With Spark 1.1 which primarily includes a new shuffle implementation (sort-based shuffle instead of hash-based shuffle), a new network module (based on netty instead of using block manager for sending shuffle data), a new external shuffle service made Spark perform the fastest PetaByte sort (on 190 nodes with 46TB RAM) and TeraByte sort breaking Hadoop's old record.

Spark can easily handle the dataset which are order of magnitude larger than the cluster's aggregate memory. So, my thought is that Spark is heading in the right direction and will eventually get even better.

For reference this blog post explains how databricks performed the petabyte sort.


I'm assuming when you say Hadoop you mean HDFS.

There are number of benefits of using Spark over Hadoop MR.

  1. Performance: Spark is at least as fast as Hadoop MR. For iterative algorithms (that need to perform number of iterations of the same dataset) is can be a few orders of magnitude faster. Map-reduce writes the output of each stage to HDFS.

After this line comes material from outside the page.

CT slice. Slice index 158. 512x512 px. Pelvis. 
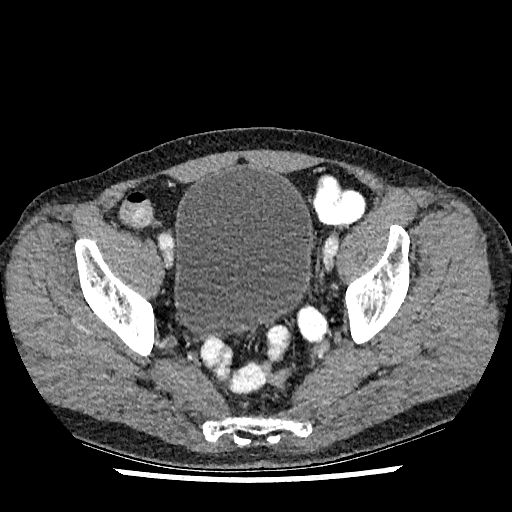 <segmentation>
  <urinary_bladder>l=174, t=167, r=311, b=336</urinary_bladder>
</segmentation>

    1.1. Spark can cache (depending on the available memory) this intermediate results and therefore reduce latency due to disk IO.

    1.2. Spark operations are lazy. This means Spark can perform certain optimizing before it starts processing the data because it can reorder operations because they have executed yet.

    1.3. Spark keeps a lineage of operations and recreates the partial failed state based on this lineage in case of failure.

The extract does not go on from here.